Work instructions:
Repeat all the data exactly, and where a record holds a picture, leave that picture out.

Dataset records:
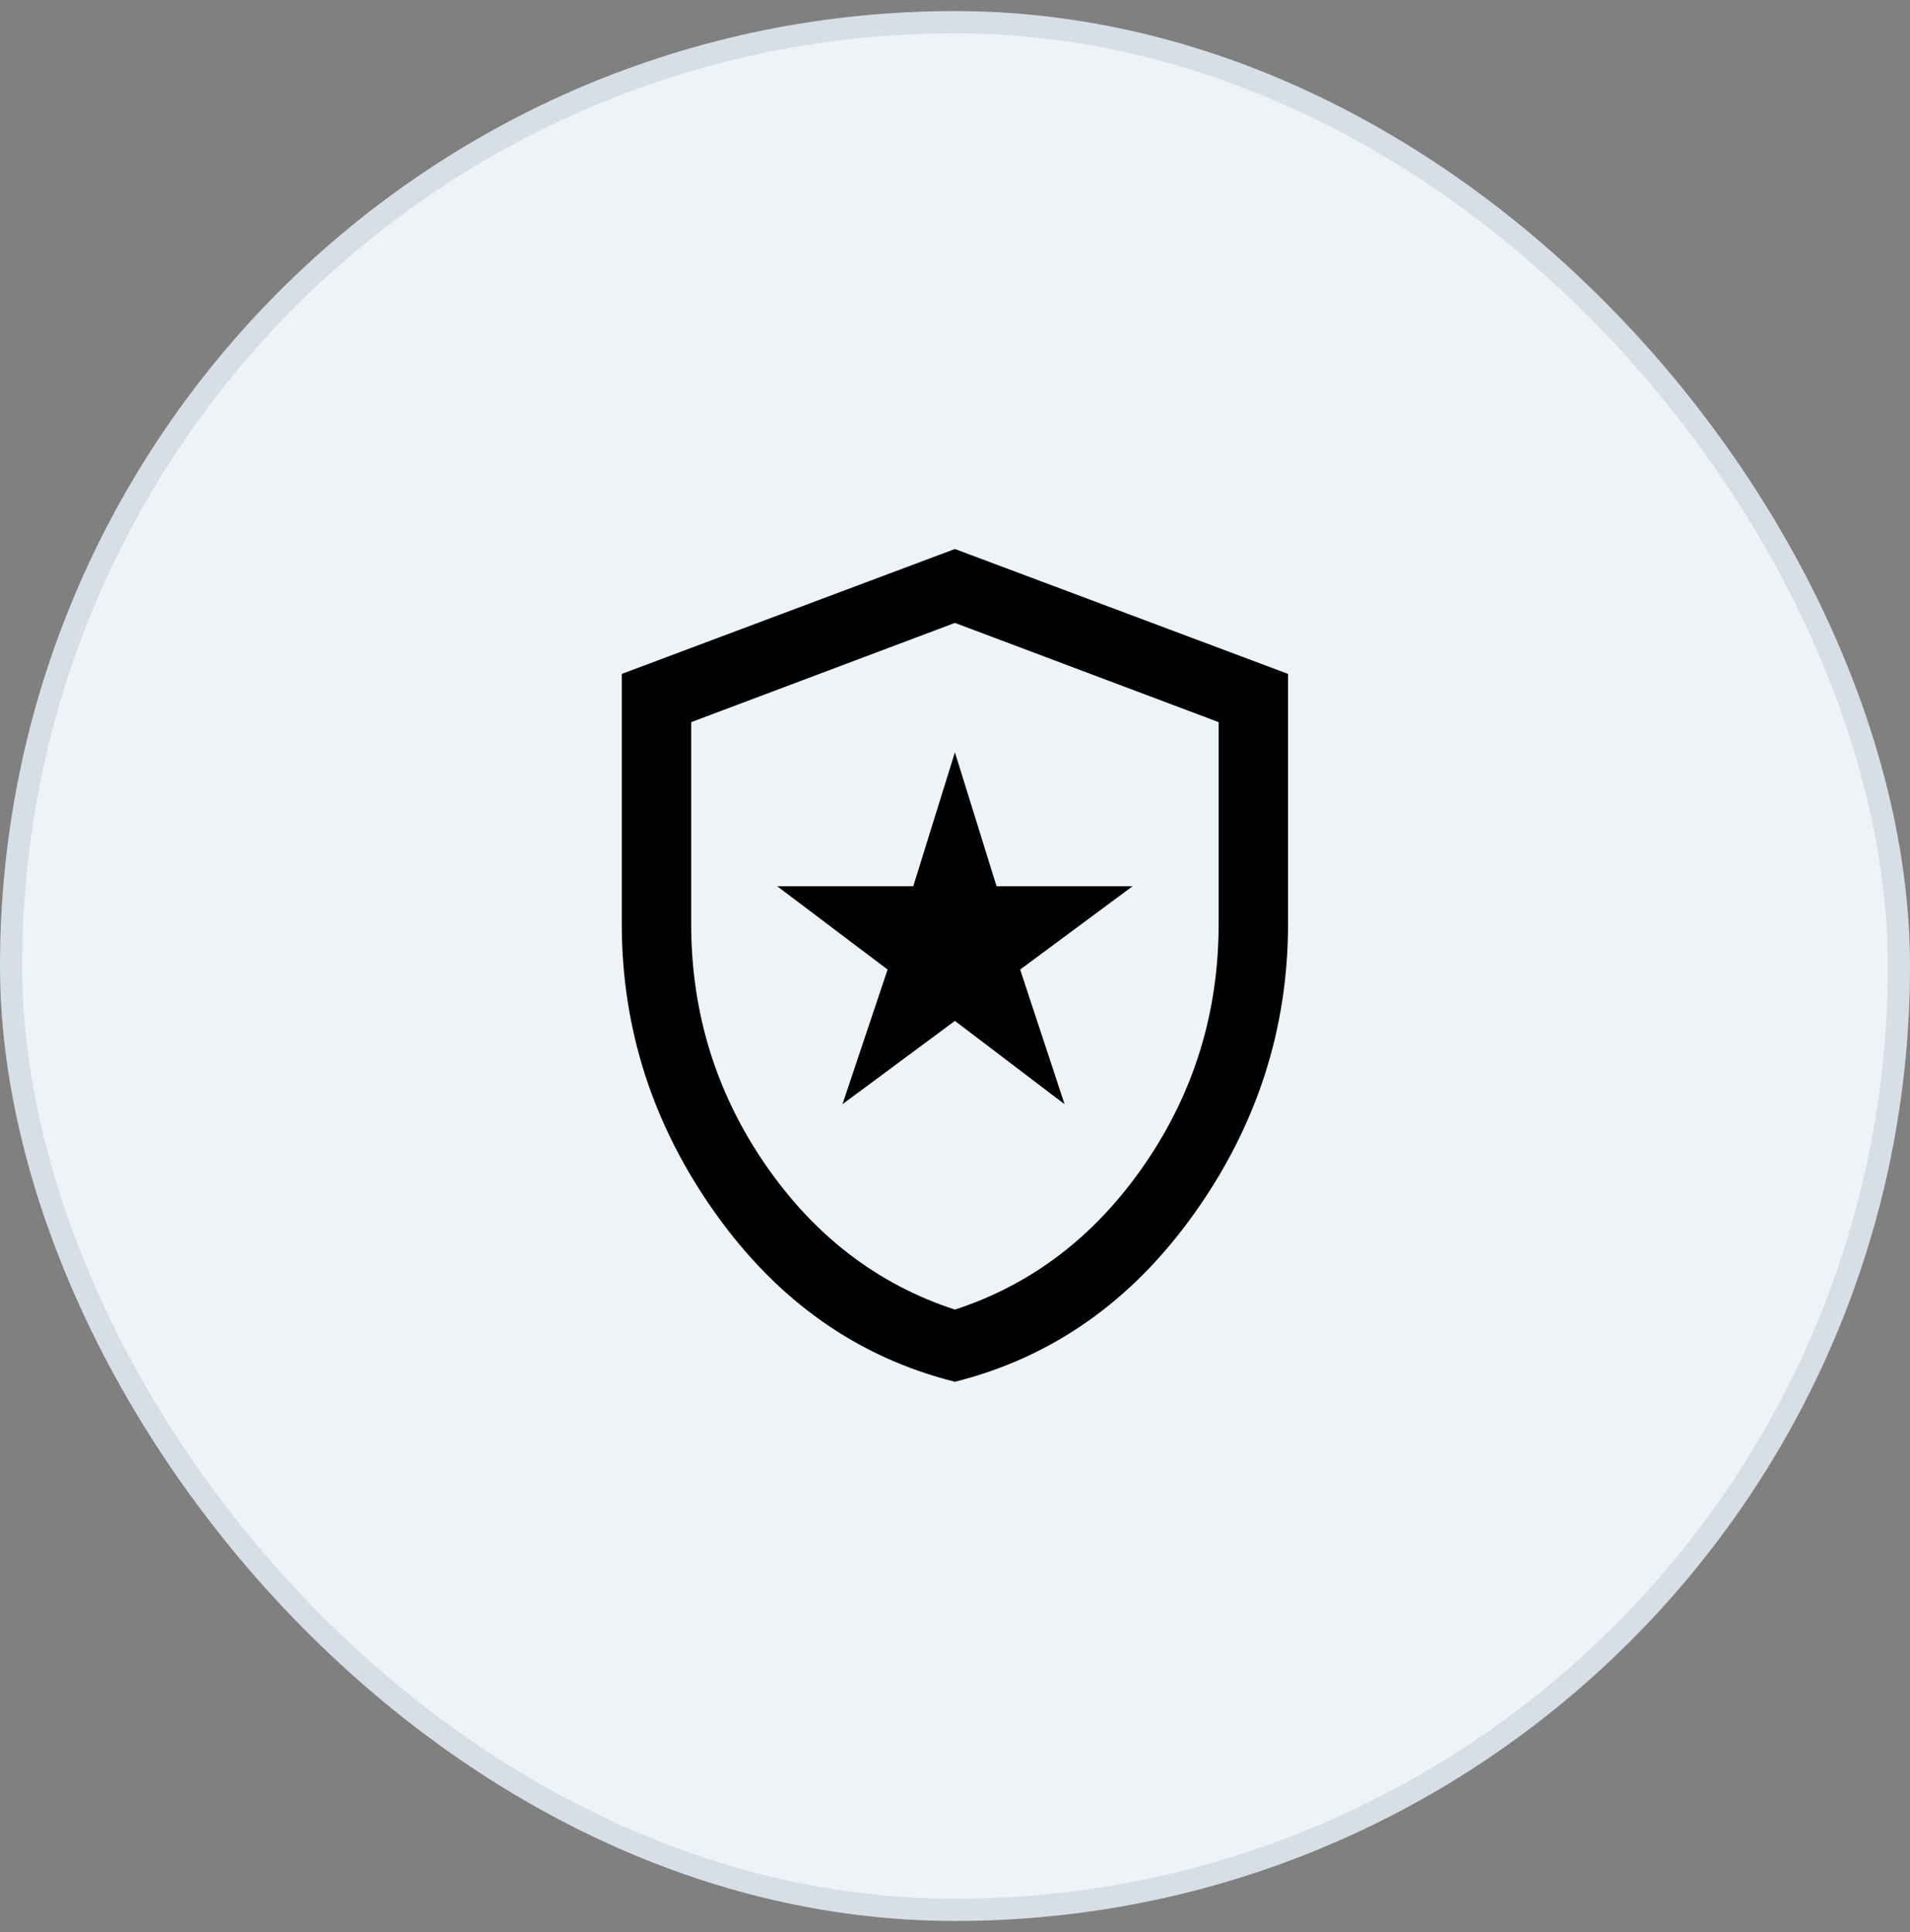 <svg width="86" height="87" viewBox="0 0 86 87" fill="none" xmlns="http://www.w3.org/2000/svg">
<rect x="0" y="0" width="86" height="87" fill="#808080" stroke="none"/>
<rect y="0.5" width="86" height="86" rx="43" fill="#EEF3F8"/>
<rect x="0.5" y="1" width="85" height="85" rx="42.5" stroke="#0D2438" stroke-opacity="0.1"/>
<mask id="mask0_2013_10360" style="mask-type:alpha" maskUnits="userSpaceOnUse" x="20" y="21" width="46" height="45">
<rect x="20.5" y="21" width="45" height="45" fill="#D9D9D9"/>
</mask>
<g mask="url(#mask0_2013_10360)">
<path d="M37.934 49.721L42.996 45.971L47.933 49.721L45.934 43.658L50.996 39.908H44.871L42.996 33.877L41.121 39.908H34.996L39.965 43.658L37.934 49.721ZM42.996 62.221C38.631 61.127 35.04 58.603 32.223 54.65C29.405 50.697 27.996 46.346 27.996 41.596V30.346L42.996 24.721L57.996 30.346V41.596C57.996 46.346 56.587 50.697 53.769 54.65C50.952 58.603 47.361 61.127 42.996 62.221ZM42.996 58.971C46.475 57.836 49.324 55.653 51.543 52.424C53.762 49.195 54.871 45.585 54.871 41.596V32.518L42.996 28.049L31.121 32.518V41.596C31.121 45.585 32.231 49.195 34.449 52.424C36.668 55.653 39.517 57.836 42.996 58.971Z" fill="black"/>
</g>
</svg>

Your response:
 <svg width="86" height="87" viewBox="0 0 86 87" fill="none" xmlns="http://www.w3.org/2000/svg">
<rect x="0" y="0" width="86" height="87" fill="#808080" stroke="none"/>
<rect y="0.5" width="86" height="86" rx="43" fill="#EEF3F8"/>
<rect x="0.5" y="1" width="85" height="85" rx="42.5" stroke="#0D2438" stroke-opacity="0.1"/>
<mask id="mask0_2013_10360" style="mask-type:alpha" maskUnits="userSpaceOnUse" x="20" y="21" width="46" height="45">
<rect x="20.5" y="21" width="45" height="45" fill="#D9D9D9"/>
</mask>
<g mask="url(#mask0_2013_10360)">
<path d="M37.934 49.721L42.996 45.971L47.933 49.721L45.934 43.658L50.996 39.908H44.871L42.996 33.877L41.121 39.908H34.996L39.965 43.658L37.934 49.721ZM42.996 62.221C38.631 61.127 35.04 58.603 32.223 54.65C29.405 50.697 27.996 46.346 27.996 41.596V30.346L42.996 24.721L57.996 30.346V41.596C57.996 46.346 56.587 50.697 53.769 54.65C50.952 58.603 47.361 61.127 42.996 62.221ZM42.996 58.971C46.475 57.836 49.324 55.653 51.543 52.424C53.762 49.195 54.871 45.585 54.871 41.596V32.518L42.996 28.049L31.121 32.518V41.596C31.121 45.585 32.231 49.195 34.449 52.424C36.668 55.653 39.517 57.836 42.996 58.971Z" fill="black"/>
</g>
</svg>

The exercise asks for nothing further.